Hsueh-Ti (Derek) Liu

About

I am a Mechanical Engineering MS student at Carnegie Mellon University, advised by Levent Burak Kara, Keenan Crane, and Alec Jacobson. My research focuses on 3D geometry processing using spectral and machine learning approaches. Previously I was an undergrad student at National Taiwan University majoring in Ocean Engineering, with research focused on ship design and fluid mechanics.
[Resume] [E-mail] [Github]


Research Interests

Spectral Shape Descriptors

Advisor: Keenan Crane, Alec Jacobson

The characterization and design of 3D shapes are central problems in computer graphics and geometric modelling. Nonetheless, a fundamental question - how different are the two shapes is still a challenging task. In the past few decades, many shape analysis tools have been developed. Spectral approaches, such as Laplace Operator, attracted huge attention because of the nice properties, such as rotation invariant, of spectral operators. However, Laplace Operator can only detect intrinsic shape properties. An important question is how to tell the extrinsic difference between shapes? This project aims to develop a new differential operator to solve this problem.

Data-driven Geometry Processing

Advisor: Levent Burak Kara

With the growth of 3D shape repositories, many data-driven geometry processing algorithms have been developed. Learning from shape collections can not only improve the performance of existing algorithms, such as shape correspondence, but also developing new algorithms based on the semantic meaning extracted from the data. For example, comfortability of a pair of shoes and sportiness of a given car shape. This research area aims to develop algorithms and applications based on the learned semantic features.

Data-driven Structural Optimization

Advisor: Levent Burak Kara

Structure optimization is a popular problem in 3D printing research. However, it is a time-consuming optimization process for a complex structure or for multiple loading conditions. In this research, we are exploring data-driven methods to speed-up the optimization process.


Projects

Deep Adversarial 3D Shape Net

10807: Topics in Deep Learning (Fall 2016)

3D shapes are a crucial but heavily underutilized resource in current computer vision research. Recently, deep learning models for 3D shapes have started to emerge because large amount of 3D shape data have become accessible. People are actively developing/finding proper 3D shape representations, such as uniform voxel representation and multi-view images. With the help of geometric approaches, this research topic tries to answer - is there a better way to represent 3D shapes for training deep learning models? [pdf]

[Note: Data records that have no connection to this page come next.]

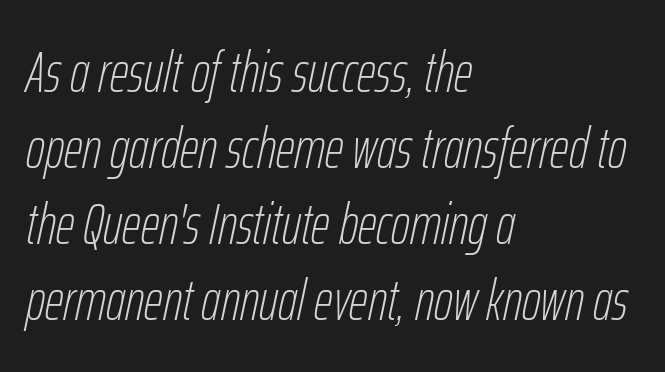
The image shows 58 px thin, condensed type, italic (leaning right); set left-aligned, normal line spacing (1.31x), normal letter spacing, not underlined; low stroke contrast and a medium x-height.
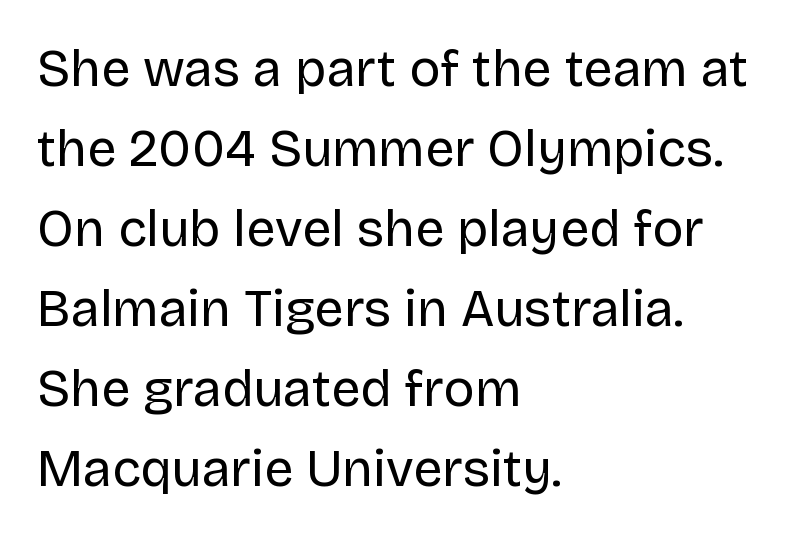
Q: Is the text bold? A: No.
Q: Is the text italic (slanted)? A: No, it is upright.
Q: Is the typeface a serif or a sans-serif typeface? A: Sans-serif.
Q: Is the text underlined? A: No.
Q: How is the paragraph aligned? A: Left-aligned.
Q: Is the spacing between letters normal or unusually wide? A: Normal.
Q: Is the spacing between lines tight, normal or loose? A: Normal.
Q: Width (condensed, normal, or wide)? A: Normal.
Q: Stroke contrast? A: Low.
Q: x-height? A: Large.
Q: Monospaced? A: No.

Combining Active Learning and Accuracy Estimation using Unlabelled Data

10701: Introduction to Machine Learning (Spring 2016)

How unlabelled data can be used to estimate the true accuracy of learned classifier is an important problem across different fields. It is counter intuitive because we usually need labelled data to compute the true accuracy. In this project, we explored Error Estimation model which use graphical model approach to capture the dependency of making error across classifiers in order to estimate true accuracy using only unlabelled data. Then we brought this information to active learning model to verify the usefulness of estimated accuracy. [pdf]

Shape Descriptor Design Using Spin Transformation

15869: Discrete Differential Geometry (Spring 2016)

A well-known theory in differential geometry that mean curvature and metric should suffice to determine a surface uniquely. However, there has been no shape descriptor constructed using mean curvature and a metric. In this project, I applied Spin Transformation, mean curvature flow, and persistent barcode to construct a shape descriptor based on this theory. [pdf]

Recognition of Partially Obstructed 3D Objects from Point Cloud Data

24681: Computer-Aided Design (Spring 2016)

In the 3D printing industry, a metal printing process called the de-powdering process requires manually removing excess powder. In this project, we developed a framework to recognize 3D shapes from partially observed surface patches. With this framework in hand, we can then use robot arms to remove excess powder, which will significantly simplify the de-powdering process. [pdf]

Fundamental Fluid Mechanics Laboratory

Undergraduate Research (2013)

In this project, the main task is to explore the phenomenon when waves propagate over a submerged bar. We conducted wave propagation experiments and used a numerical model to simulate the experimental results.

Ship Model Basin Laboratory

Undergraduate Research (2013)

Optimizing hull positions of a trimaran through conducting ship model resistance tests. Based on the results, we optimized the hull positions and predicted the ship's performance in real size.